Alex Luther went to great lengths—2,219 miles to be exact—to chase his grandfather’s waterskiing legacy.

Five years ago (2013), Alex Luther didn’t know how to waterski. But things change.

On July 5, 2018 the 36-year-old Australian grandson of world-record-setting waterskier Harry Luther successfully replicated his grandfather’s route along the Mediterranean coast from Tangiers, Morocco, to Pula, Croatia. The 10-day, 2,219-mile ski included stops at 22 ports in seven countries.

Harry discovered the sport in the 1960s, and from the beginning he was a natural. Nicknamed “Canguro” (Italian for kangaroo), he went on to win nearly every long-distance race he entered. Pulled behind his 17-foot Pride Fury that was fondly named Miss Pepsi (Harry was a delivery driver for Pepsi), in 1970 he skied 3,144 miles of the Mediterranean in 10 days as a “warm-up” for another race. Hardly a warm-up, it became the world record for marathon waterskiing.

Alex’s recreation of his grandfather’s journey was inspired by a family scrapbook documenting Harry’s love for the sport. Its pages brim with telegrams, newspaper articles and photos of Harry’s brief yet illustrious waterskiing career. “He kept it for a reason—he wanted to share it with people,” says Alex. But he never got the chance. Harry passed away in a cycling accident when Alex was just 7 years old.

Alex, who runs his own finance company, wanted to chase his grandfather’s legacy and tell his story. “Once I got the idea in my head, it just stuck and I didn’t let go,” he says. First, he had to overcome a minor hurdle: learning to waterski.

Surprisingly, he wasn’t worried about that part. “I was more worried about whether I was going to be able to last the distance,” he says. For seven—yes, seven—years he woke up every day and focused on some aspect of the goal, whether it was training in the frigid Sydney Harbour, coordinating logistics, mapping or planning the recon trip. “It’s been such a massive part of my life,” he says, with a hint of sadness now that it’s over.

His training came in handy when, on day four of the challenge, he encountered rough seas between Barcelona and Monaco. Swells reached 16 feet, testing him both physically and mentally. “I thought, I don’t know whether we’re going to be able to do this,” he says. He was being pulled behind an Axopar 37 Sun-Top with twin 300-hp Mercury Verados, and rough seas meant the boat was moving slower than planned and using more fuel.

After taking a brief break, he jumped up and screamed at the ocean, “I’ve got to get to Monaco!” For the next six hours, he pushed his body and mind beyond anything he thought possible. He logged 347 miles over the course of 11 hours that day.

The effort paid off: Upon arriving in Monaco, he was greeted by H.S.H. Prince Albert II. The Principality of Monaco had supported Alex’s journey from the start, just as it had his grandfather’s. With the Prince’s backing, Alex had secured sponsors Axopar and Mercury. “Everything fell into place for the right reasons with the right people at the right time,” he says.

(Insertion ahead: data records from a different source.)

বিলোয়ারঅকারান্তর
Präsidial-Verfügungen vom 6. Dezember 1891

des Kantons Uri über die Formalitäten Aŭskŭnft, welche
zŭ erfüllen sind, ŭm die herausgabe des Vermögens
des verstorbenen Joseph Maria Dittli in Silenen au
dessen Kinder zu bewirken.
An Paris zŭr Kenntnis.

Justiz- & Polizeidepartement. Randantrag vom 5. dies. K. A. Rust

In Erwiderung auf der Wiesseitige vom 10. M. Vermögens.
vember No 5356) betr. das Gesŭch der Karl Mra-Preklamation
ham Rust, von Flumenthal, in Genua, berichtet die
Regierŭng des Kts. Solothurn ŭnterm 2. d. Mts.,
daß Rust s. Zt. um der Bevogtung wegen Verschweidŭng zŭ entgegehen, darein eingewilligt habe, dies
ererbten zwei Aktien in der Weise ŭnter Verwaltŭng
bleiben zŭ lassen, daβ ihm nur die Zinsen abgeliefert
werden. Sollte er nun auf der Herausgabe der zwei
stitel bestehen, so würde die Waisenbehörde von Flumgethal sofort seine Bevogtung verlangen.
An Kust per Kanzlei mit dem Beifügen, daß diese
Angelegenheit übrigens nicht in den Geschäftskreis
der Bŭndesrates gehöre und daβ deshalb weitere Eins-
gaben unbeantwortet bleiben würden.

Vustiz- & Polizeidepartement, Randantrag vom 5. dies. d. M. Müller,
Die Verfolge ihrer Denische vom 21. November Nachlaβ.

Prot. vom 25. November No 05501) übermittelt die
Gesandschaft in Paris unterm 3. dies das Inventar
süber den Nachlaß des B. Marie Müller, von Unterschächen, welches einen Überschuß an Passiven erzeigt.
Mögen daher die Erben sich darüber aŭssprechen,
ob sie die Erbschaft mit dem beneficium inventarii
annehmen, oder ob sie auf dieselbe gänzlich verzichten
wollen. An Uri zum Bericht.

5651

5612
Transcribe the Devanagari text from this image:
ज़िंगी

After seven years of planning and 10 intense days on the water, Alex has mixed emotions now that the adventure is behind him. “I feel lost, but at the same time I feel ecstatic that I was able to accomplish something I set out to achieve so long ago,” he says. He plans to go for a social ski when he gets back home to Australia. “I’m a little bit bored now,” he laughs. “I’m not one that can sit still very easily.”

He hopes his journey will inspire others with lofty dreams. “Just go out there and try it,” he says. “Don’t ever let go of [your dream]. Keep going and keep going.”